Guo is not China’s richest man; nor is he the flashiest, nor – according to him – even the cleverest. But in his 47 years, he has risen from peasant penury to having so much money that the desire to be rich no longer gets him up in the morning.

Fosun, the group he co-founded with three university friends in 1992, is the largest private conglomerate in China. It owns big stakes in the Shanghai hospital where my children get their flu shots, the cake shop where they get their birthday cakes, the holiday village where they’d love to spend half-term, quite apart from a fair amount of the ground we walk on (through its vast Shanghai property holdings).

It has also recently tried (and failed) to buy Forbes magazine, is trying (and will probably manage) to buy Club Med and has already bought Portugal’s largest insurance group, Caixa Seguros. Fosun has made 12 overseas acquisitions so far this year and there’s a good chance it will be coming to a country near you soon, looking to buy a company you know well. So this seems the ideal time to try to figure out what makes Guo Guangchang tick.

According to Guo, it’s a mixture of Buddhism, Daoism, Confucianism, and Warren Buffett. He says he finds inspiration for his investment decisions from China’s oldest sages (and that other one from Omaha). He is also a devotee of tai chi, the Asian martial art that he practises as often as he can. But the first thing we discuss is food – and not just because we’re having lunch.

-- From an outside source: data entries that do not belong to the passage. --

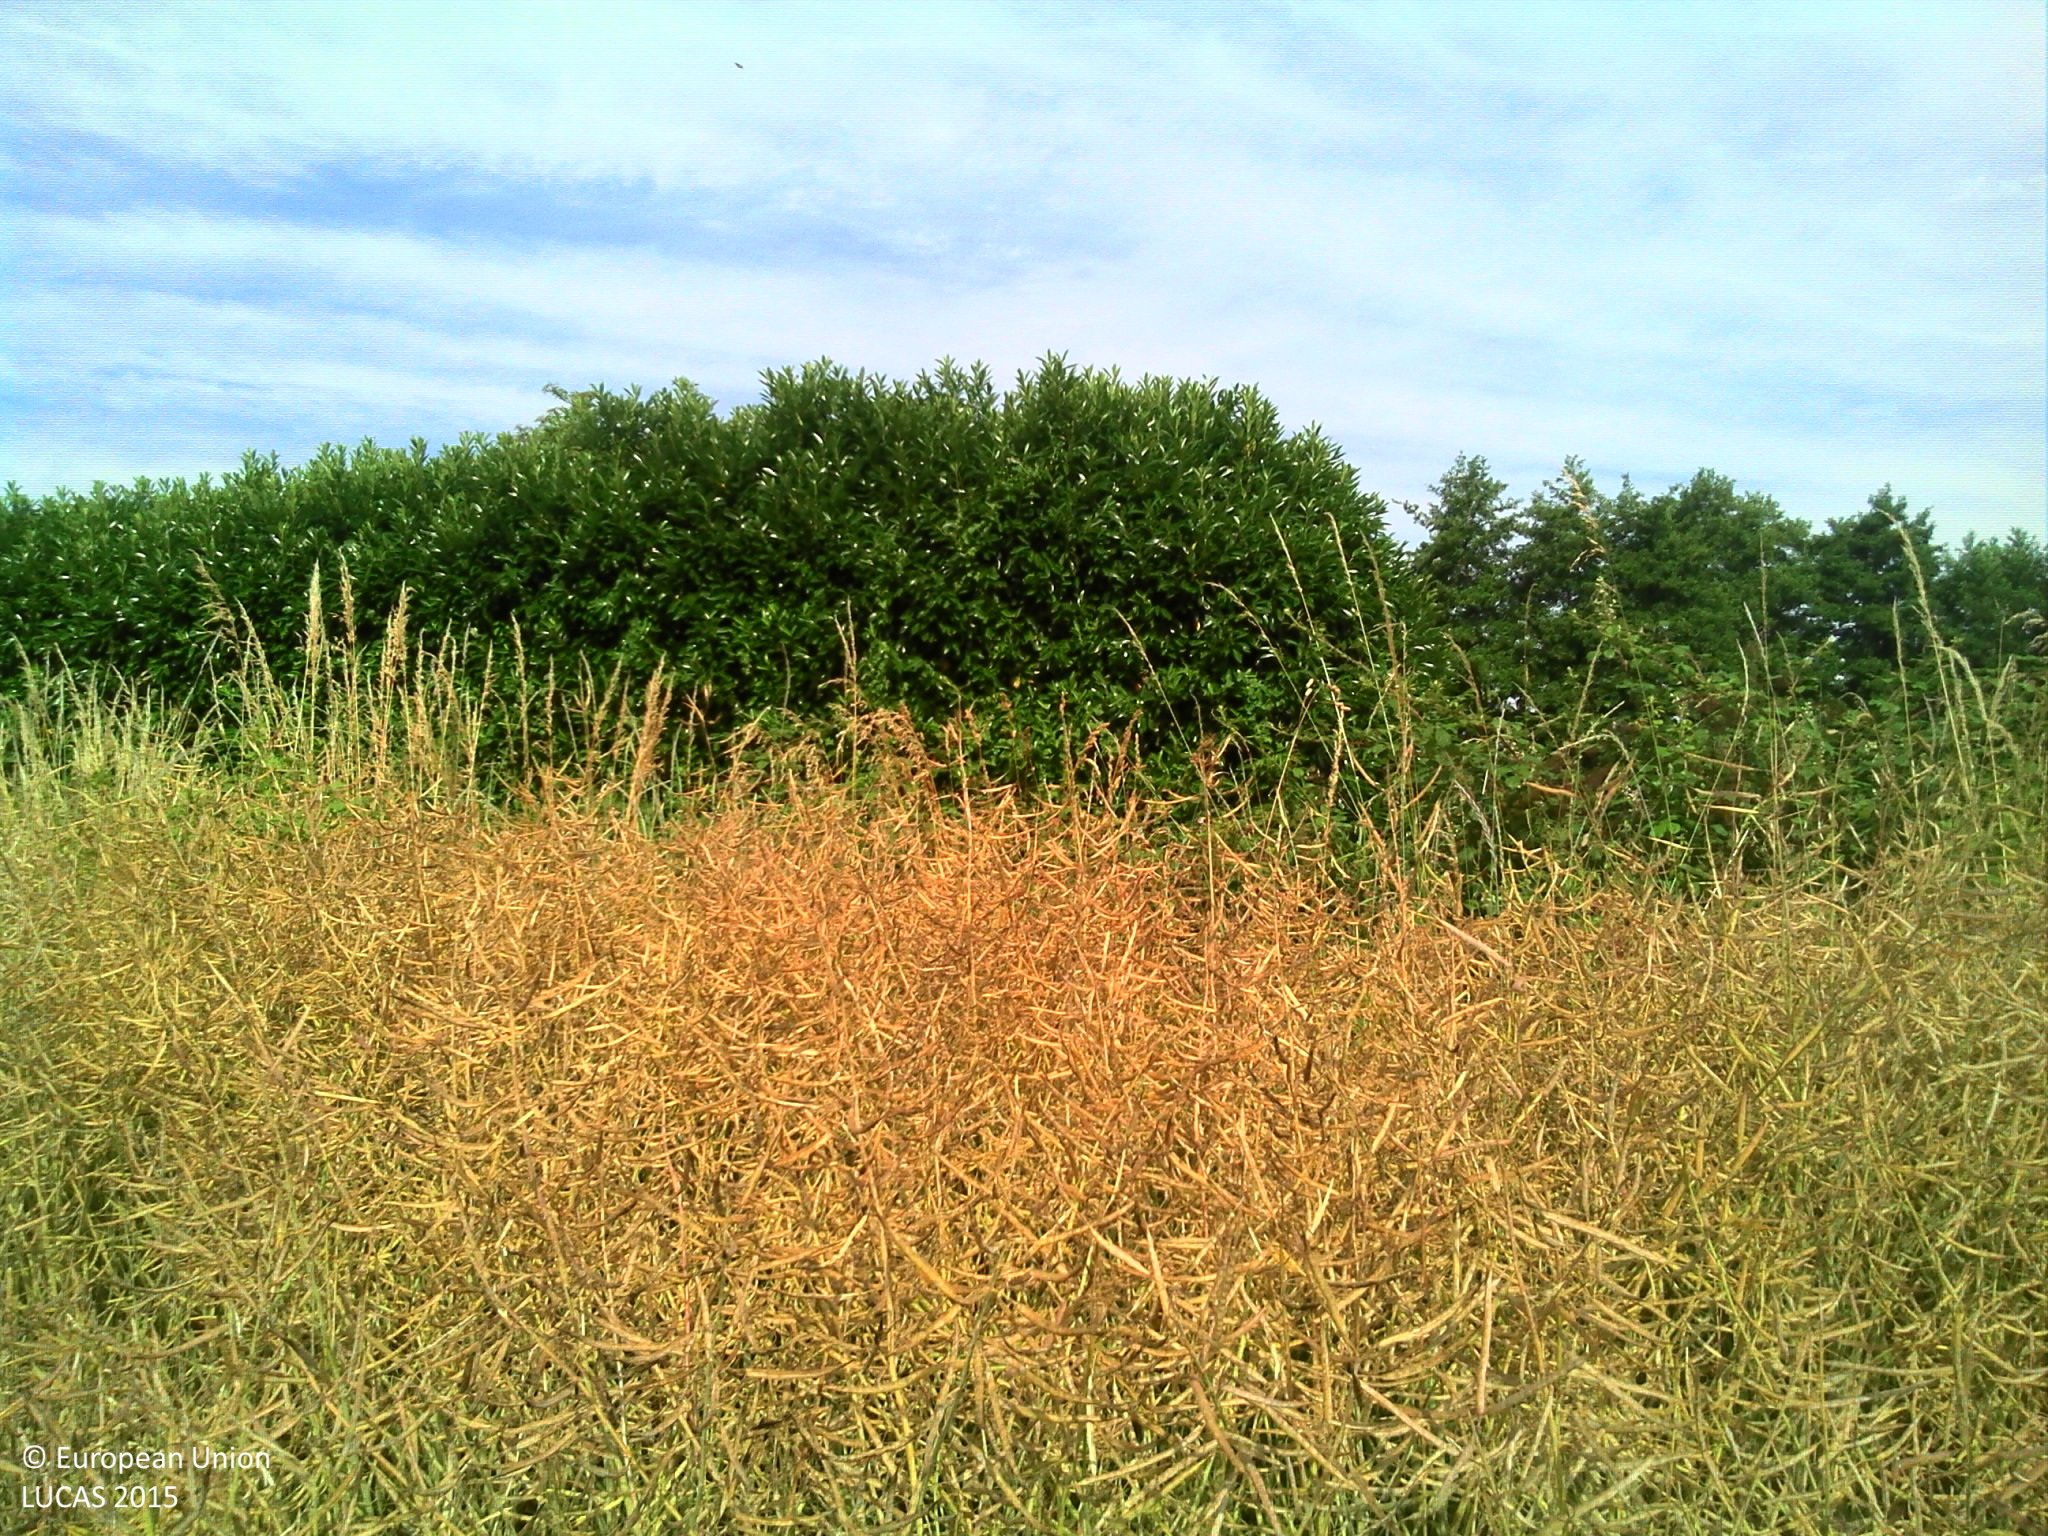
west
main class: Cropland
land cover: Rape and turnip rape
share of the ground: > 75 %
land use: Agriculture (excluding fallow land and kitchen gardens)
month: June
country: FR
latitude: 47.6693
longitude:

Food (and the lack thereof) was a big issue in China when Guo was born in the eastern province of Zhejiang in 1967. The country had recently embarked on Mao Zedong’s Cultural Revolution, resulting in widespread economic and social turmoil. He recalls that his family weren’t starving but neither were they banqueting (basic foods were rationed by how much each family contributed to their Communist production team). “We could definitely eat our fill but the food could be very bad,” he says, recalling how his mother “used to plant sweet potatoes secretly to feed us”.

Like many Chinese of his generation, however, Guo seems more nostalgic than critical of those darkest days of China’s recent history. He becomes positively lyrical on the topic of his mother’s signature dish from that period, meigancai (literally translated as “mouldy dried vegetables”), which he says tastes best with a generous dollop of pork lard.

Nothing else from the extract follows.